[SOURCE RECORDS — start]

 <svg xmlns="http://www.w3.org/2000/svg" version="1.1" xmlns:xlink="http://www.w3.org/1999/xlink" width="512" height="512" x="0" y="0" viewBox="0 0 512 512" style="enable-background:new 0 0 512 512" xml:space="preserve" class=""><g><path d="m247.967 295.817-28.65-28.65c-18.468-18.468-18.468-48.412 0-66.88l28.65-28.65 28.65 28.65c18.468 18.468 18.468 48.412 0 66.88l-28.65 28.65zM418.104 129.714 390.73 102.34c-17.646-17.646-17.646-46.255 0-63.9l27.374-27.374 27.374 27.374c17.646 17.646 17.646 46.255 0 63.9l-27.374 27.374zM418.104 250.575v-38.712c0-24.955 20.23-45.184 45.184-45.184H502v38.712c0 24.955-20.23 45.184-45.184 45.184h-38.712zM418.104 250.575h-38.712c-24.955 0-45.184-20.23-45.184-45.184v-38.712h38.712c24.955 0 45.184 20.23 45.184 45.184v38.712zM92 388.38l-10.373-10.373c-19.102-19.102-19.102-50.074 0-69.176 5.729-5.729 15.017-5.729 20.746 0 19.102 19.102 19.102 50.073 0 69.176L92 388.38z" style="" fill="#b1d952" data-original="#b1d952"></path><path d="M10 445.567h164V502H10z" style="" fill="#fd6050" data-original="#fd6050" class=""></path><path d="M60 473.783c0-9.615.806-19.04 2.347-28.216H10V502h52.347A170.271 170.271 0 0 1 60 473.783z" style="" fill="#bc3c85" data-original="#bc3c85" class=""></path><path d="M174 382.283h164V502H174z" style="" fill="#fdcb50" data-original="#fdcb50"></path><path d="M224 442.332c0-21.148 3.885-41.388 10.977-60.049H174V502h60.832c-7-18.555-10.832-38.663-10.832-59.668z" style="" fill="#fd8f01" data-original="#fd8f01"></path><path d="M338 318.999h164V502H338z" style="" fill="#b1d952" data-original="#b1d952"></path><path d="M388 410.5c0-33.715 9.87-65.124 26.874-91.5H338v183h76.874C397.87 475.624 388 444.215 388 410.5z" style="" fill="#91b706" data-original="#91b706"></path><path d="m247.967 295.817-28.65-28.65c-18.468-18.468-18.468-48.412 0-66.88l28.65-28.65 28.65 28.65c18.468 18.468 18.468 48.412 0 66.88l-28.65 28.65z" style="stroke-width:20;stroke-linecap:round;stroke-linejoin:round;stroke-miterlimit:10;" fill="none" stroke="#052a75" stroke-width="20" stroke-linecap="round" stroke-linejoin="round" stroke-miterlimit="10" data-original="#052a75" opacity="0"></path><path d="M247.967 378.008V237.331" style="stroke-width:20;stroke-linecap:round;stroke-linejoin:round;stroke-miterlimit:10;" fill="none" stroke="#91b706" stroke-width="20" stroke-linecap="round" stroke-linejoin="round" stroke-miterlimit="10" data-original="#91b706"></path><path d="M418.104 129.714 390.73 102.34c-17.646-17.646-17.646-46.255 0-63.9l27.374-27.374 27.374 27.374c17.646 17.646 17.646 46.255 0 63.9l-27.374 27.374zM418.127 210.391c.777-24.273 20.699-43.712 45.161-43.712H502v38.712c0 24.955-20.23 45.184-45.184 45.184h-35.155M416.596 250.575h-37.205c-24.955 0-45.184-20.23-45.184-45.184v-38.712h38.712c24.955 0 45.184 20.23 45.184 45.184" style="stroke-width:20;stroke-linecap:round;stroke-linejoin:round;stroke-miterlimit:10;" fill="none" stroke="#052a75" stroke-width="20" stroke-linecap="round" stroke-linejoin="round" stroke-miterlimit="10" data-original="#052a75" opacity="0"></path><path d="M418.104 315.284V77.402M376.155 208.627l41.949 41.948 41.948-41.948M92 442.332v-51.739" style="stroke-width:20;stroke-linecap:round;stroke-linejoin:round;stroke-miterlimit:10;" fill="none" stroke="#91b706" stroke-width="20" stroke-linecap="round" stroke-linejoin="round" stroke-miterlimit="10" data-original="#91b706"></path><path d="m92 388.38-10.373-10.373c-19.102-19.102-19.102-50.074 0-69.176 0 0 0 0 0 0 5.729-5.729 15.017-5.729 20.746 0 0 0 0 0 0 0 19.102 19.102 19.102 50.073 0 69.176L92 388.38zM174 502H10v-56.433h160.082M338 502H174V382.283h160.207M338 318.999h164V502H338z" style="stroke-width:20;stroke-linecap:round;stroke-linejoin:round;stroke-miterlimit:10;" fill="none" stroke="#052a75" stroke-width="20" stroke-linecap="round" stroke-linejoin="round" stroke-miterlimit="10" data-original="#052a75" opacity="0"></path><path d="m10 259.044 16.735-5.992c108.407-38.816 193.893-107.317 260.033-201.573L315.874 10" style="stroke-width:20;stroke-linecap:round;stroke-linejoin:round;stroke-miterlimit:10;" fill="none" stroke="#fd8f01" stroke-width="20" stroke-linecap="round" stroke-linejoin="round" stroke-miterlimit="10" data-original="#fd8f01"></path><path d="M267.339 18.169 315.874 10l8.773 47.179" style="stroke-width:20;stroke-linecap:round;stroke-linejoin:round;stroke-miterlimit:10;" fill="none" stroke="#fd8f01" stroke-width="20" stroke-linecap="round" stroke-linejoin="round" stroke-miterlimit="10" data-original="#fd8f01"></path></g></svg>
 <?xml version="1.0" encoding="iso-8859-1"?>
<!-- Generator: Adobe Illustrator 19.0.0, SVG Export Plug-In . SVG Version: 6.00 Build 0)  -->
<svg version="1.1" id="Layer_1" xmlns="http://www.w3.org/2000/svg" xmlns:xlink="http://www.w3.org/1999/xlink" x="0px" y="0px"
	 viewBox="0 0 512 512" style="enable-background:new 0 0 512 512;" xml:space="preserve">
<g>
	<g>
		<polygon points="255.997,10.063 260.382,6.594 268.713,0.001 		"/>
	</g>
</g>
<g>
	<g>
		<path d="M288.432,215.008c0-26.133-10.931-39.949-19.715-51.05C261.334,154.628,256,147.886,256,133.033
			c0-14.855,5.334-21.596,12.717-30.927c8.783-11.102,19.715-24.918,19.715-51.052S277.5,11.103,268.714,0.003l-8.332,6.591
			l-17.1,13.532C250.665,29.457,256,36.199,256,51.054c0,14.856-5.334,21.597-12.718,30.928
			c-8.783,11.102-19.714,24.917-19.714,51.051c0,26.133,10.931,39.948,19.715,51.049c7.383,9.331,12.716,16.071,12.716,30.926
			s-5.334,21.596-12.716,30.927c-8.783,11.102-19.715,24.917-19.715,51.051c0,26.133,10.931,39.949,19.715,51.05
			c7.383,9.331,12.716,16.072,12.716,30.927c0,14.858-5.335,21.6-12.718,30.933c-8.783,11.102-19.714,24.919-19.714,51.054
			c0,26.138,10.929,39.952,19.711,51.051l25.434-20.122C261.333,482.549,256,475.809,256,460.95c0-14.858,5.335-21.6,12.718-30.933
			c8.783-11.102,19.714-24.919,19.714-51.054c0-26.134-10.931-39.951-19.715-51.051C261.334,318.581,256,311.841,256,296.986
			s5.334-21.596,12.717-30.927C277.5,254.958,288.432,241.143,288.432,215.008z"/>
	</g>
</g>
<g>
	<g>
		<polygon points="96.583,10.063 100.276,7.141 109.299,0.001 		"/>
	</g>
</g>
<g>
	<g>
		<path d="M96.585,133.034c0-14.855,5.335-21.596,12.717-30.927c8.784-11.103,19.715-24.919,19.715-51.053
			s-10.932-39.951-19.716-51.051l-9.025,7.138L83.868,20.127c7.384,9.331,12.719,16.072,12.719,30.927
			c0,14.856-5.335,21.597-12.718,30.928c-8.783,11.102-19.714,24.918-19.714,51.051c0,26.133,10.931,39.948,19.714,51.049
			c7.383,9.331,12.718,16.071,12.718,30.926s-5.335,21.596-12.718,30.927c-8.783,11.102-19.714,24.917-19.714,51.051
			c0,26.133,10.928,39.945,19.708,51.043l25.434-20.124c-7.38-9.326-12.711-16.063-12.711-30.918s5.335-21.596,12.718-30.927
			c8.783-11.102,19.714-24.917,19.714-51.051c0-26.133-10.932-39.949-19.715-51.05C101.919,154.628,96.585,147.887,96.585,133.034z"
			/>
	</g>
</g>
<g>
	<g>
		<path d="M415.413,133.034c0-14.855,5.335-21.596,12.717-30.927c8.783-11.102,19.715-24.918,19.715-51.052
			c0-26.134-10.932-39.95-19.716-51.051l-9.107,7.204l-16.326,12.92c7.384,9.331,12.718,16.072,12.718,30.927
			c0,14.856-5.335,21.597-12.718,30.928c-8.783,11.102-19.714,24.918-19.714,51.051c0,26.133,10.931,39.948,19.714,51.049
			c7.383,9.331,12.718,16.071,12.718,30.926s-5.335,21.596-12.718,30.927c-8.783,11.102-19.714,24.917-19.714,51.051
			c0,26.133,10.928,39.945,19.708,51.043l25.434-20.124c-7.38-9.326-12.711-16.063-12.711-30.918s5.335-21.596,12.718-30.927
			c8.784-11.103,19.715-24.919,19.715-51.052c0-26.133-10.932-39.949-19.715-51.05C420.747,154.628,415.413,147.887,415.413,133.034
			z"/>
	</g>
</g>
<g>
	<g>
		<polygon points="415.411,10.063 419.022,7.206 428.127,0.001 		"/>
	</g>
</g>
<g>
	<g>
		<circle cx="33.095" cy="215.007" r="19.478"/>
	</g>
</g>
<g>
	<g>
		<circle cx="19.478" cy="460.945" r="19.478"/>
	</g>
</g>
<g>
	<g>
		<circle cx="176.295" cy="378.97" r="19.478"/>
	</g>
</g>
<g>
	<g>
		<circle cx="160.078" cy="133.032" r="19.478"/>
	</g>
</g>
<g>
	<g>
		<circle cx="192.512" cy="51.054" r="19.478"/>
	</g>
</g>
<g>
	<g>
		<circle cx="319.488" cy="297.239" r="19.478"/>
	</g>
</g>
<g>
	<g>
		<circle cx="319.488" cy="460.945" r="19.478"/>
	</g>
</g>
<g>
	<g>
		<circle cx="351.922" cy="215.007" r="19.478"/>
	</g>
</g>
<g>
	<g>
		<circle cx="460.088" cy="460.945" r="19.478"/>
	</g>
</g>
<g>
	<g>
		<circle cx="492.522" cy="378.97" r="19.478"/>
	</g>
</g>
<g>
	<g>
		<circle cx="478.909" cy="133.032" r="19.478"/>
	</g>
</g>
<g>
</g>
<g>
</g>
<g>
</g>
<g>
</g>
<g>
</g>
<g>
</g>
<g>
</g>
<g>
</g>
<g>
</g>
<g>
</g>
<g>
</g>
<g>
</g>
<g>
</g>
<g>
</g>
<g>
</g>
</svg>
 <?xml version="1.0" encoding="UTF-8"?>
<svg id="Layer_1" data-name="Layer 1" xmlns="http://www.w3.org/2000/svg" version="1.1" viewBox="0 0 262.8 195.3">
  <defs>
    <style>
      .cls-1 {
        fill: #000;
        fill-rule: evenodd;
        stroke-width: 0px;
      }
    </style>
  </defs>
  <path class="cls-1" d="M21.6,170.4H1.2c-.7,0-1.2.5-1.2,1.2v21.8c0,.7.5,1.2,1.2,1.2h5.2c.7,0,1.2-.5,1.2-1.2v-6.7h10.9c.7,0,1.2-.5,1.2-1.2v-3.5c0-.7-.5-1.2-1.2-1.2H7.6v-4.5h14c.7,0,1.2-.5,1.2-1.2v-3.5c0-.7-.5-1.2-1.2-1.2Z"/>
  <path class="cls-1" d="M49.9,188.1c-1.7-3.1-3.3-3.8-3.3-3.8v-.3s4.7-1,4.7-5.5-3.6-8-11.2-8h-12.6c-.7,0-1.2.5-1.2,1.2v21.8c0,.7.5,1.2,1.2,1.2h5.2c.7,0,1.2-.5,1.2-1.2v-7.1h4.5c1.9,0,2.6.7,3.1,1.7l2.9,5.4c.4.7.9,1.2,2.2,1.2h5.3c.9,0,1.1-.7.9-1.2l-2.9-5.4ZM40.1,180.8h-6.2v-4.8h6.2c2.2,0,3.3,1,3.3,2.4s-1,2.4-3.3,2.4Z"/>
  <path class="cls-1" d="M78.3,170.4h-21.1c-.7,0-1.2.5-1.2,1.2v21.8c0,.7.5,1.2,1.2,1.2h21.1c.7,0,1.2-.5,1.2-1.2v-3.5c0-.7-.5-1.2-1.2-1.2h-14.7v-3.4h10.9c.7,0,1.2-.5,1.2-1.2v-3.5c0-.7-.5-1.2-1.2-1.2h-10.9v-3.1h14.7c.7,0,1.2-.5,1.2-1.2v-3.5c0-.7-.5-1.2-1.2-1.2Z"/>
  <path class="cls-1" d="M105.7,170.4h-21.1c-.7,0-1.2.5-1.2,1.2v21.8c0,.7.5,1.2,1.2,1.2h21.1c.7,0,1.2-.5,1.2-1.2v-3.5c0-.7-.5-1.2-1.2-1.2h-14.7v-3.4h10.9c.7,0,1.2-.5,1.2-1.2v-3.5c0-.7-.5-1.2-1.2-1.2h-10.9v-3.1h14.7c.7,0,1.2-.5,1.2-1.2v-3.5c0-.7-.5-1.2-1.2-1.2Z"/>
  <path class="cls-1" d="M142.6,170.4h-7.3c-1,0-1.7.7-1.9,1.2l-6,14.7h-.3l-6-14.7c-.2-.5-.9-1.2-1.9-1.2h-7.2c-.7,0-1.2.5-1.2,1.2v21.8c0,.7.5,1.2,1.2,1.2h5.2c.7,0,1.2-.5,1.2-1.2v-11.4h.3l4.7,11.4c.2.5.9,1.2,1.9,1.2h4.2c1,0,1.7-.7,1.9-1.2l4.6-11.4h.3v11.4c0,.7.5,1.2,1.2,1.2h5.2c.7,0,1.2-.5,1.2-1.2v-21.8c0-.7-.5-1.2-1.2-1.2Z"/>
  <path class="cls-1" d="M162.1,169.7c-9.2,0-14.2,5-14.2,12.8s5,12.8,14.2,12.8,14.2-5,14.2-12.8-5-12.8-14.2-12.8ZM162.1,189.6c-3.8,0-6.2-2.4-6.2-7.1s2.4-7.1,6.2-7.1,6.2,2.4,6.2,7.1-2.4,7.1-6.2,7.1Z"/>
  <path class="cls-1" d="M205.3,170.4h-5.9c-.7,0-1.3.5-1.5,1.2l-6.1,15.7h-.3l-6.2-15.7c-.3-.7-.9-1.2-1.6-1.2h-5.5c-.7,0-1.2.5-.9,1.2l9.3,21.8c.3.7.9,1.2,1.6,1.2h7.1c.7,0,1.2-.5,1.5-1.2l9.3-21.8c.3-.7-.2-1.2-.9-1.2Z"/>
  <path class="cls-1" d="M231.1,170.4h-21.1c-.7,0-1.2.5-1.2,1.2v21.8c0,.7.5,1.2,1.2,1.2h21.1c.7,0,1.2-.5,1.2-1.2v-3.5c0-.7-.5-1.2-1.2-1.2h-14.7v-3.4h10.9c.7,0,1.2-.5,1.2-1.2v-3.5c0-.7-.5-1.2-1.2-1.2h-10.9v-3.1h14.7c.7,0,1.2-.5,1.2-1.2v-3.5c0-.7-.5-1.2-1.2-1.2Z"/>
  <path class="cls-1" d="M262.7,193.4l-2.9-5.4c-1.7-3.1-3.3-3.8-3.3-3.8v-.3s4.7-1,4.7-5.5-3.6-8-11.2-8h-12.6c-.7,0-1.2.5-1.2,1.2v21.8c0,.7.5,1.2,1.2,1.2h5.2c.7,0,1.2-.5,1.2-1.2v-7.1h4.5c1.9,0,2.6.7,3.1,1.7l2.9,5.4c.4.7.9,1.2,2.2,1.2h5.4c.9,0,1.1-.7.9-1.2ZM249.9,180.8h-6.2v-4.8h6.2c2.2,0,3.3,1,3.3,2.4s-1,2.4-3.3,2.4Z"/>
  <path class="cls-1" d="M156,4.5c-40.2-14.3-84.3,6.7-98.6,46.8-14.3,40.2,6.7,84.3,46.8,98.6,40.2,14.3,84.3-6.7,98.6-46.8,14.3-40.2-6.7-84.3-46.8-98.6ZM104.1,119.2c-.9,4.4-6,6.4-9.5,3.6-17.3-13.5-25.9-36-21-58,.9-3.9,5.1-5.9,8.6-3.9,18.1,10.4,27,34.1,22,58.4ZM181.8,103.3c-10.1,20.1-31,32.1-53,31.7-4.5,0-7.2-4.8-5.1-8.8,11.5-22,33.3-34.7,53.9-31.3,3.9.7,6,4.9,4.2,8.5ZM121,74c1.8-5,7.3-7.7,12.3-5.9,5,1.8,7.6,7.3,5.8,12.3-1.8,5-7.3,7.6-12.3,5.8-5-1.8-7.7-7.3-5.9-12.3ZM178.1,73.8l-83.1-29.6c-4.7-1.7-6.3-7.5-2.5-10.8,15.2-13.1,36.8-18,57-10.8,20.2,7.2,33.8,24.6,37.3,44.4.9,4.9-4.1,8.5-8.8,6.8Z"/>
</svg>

[SOURCE RECORDS — finish]

Show every line of the listing containing the string "points" by copying it.

		<polygon points="255.997,10.063 260.382,6.594 268.713,0.001 		"/>
		<polygon points="96.583,10.063 100.276,7.141 109.299,0.001 		"/>
		<polygon points="415.411,10.063 419.022,7.206 428.127,0.001 		"/>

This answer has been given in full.